Комок обреченно кивает.
– Говори.
Запоминаю продиктованные цифры и обговариваю способы связи.
– Да, и чтобы у тебя не было дурных мыслей, – наставительно поднимаю палец, – я, как ты, наверно, уже догадался, не один. Если со мной что-то случится, то на следующий день все будут знать о твоей работе на мусоров. Понял?
– Да, – выдыхает шакаленок.
– Всё, можешь идти. Больше вопросов у меня к тебе нет.
Комок вздыхает с облегчением и срывается «с низкого старта», торопясь убежать подальше от этого места.
Возвращаюсь на танцплощадку. Миркин покачивается в объятьях рыженькой малышки с живым личиком, Мальцев балдеет, прижимая к себе пышку с толстой русой косой и внушительным бюстом. Вова Потапенко уже сидит рядом со стройной брюнеткой и что-то увлеченно рассказывает ей, махая руками.

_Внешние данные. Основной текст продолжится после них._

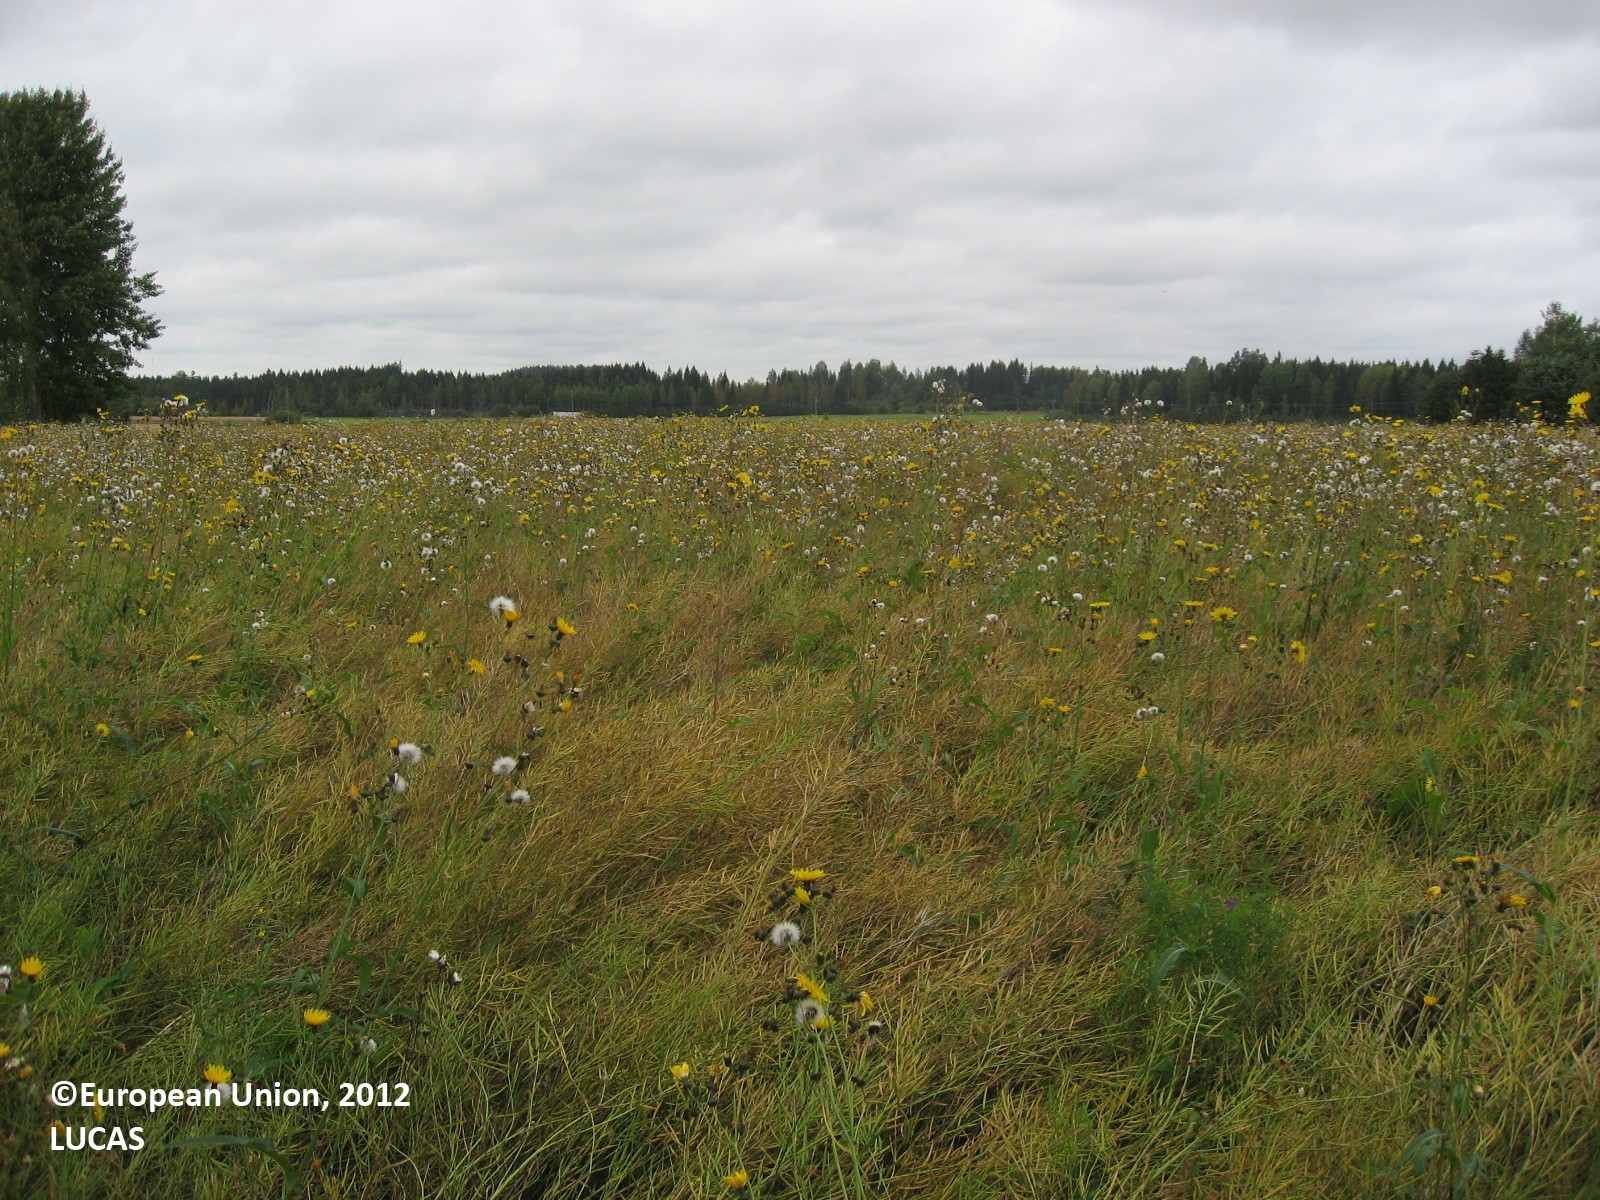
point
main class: Cropland
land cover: Rape and turnip rape
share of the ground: 50 - 75 %
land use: Agriculture (excluding fallow land and kitchen gardens)
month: August
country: FI
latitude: 60.9343
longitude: 25.3457
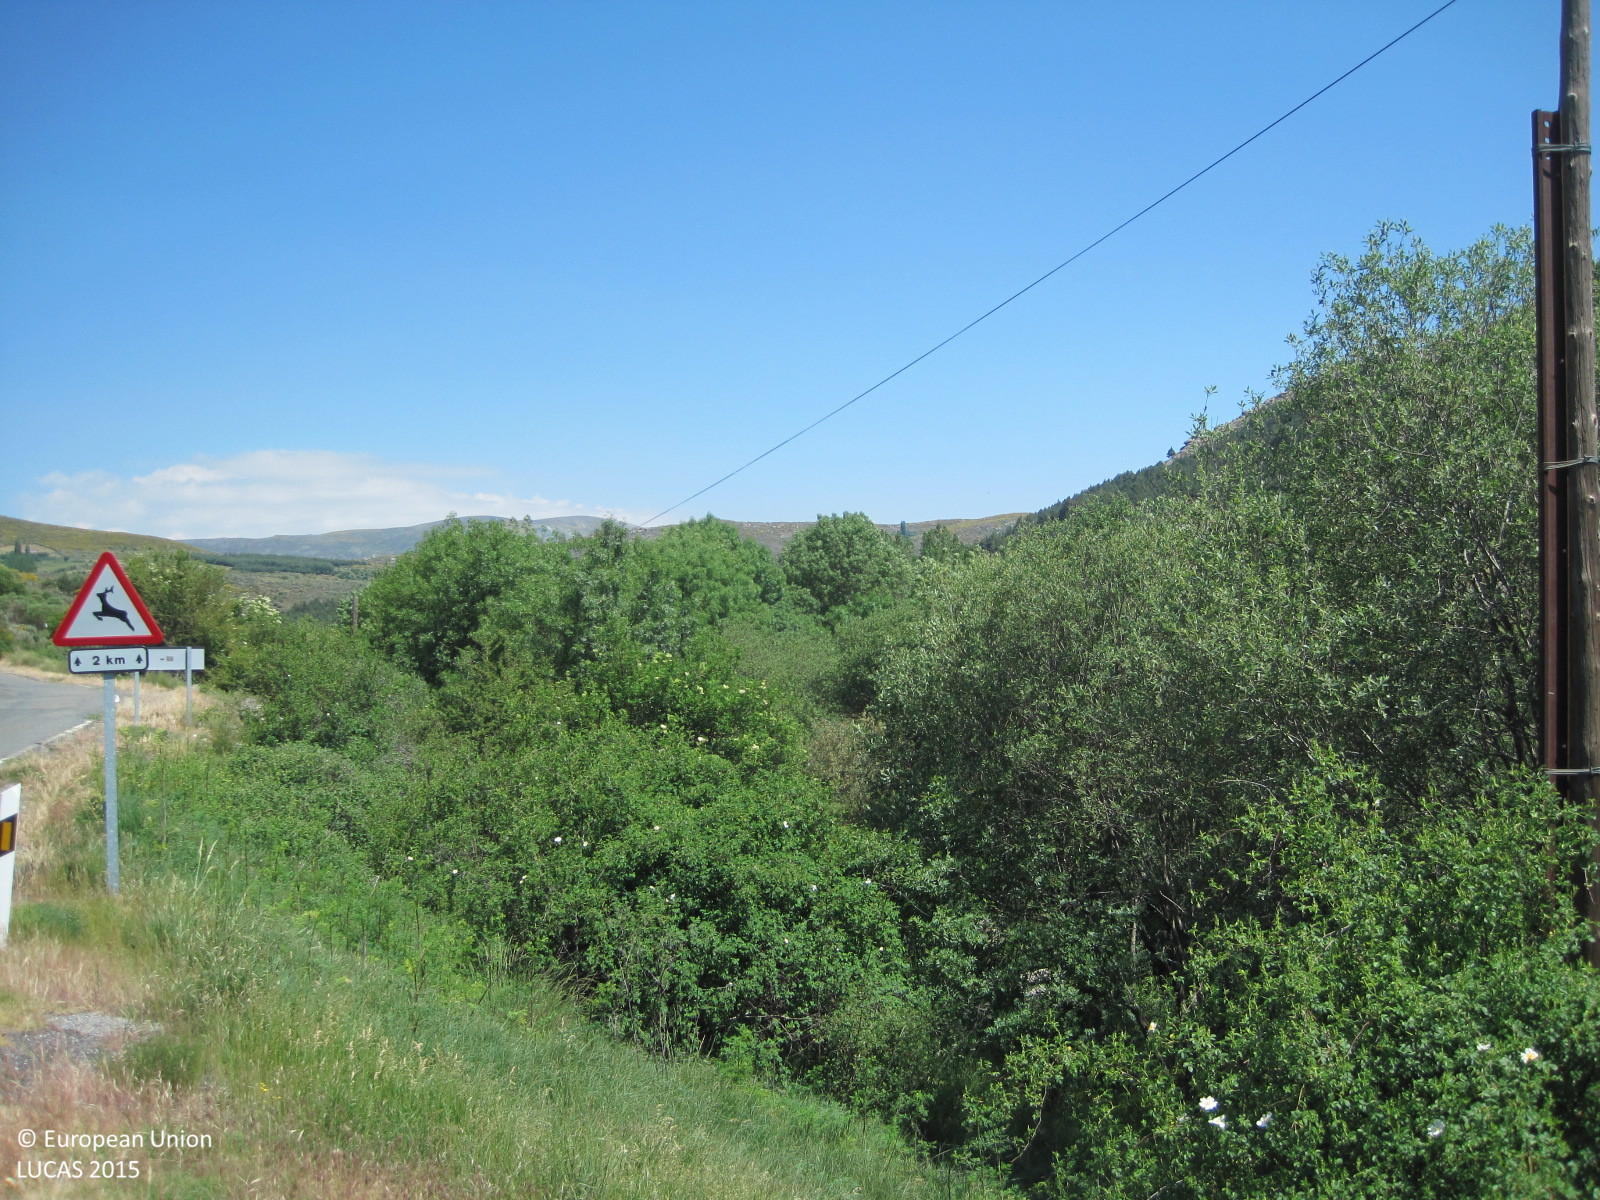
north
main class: Shrubland
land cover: Shrubland without tree cover
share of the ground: > 75 %
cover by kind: shrubs 100 %
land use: Semi-natural and natural areas not in use
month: June
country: ES
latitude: 40.4053
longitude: -5.0341

На нашем месте лениво развалился, раскинув руки в стороны, Волобуев.
Толкаю его в бок. Он нехотя поворачивается ко мне.
– Лех, чего сидишь? Вон, ребята себе уже пары нашли, а ты отдыхаешь. Никто не нравится?
– А ко мне завтра невеста приезжает. Нужно силы и энергию сохранить, – улыбается тезка, – потанцевать, составить вам компанию я с удовольствием. А большего мне сегодня не надо.
– Понятно, блюдешь верность будущей жене, – я язвительно усмехаюсь.
– Ага, – Леша не обращает внимания на сарказм, продолжая рассматривать танцующих приятелей.
Неожиданно ощущаю на себе чей-то взгляд. Поворачиваюсь. С противоположной скамьи на меня пялится девушка-колобок. Белый от пудры овал лица, в сочетании с хомячьими щеками, склеенными черной густой тушью ресницами и кроваво-красными намазанными губами выглядит страшновато. Юбка выше колен обнажает похожие на куриные окорочка толстые короткие ноги в колготках, небольшая обтягивающая курточка еле сдерживает рвущиеся наружу телеса.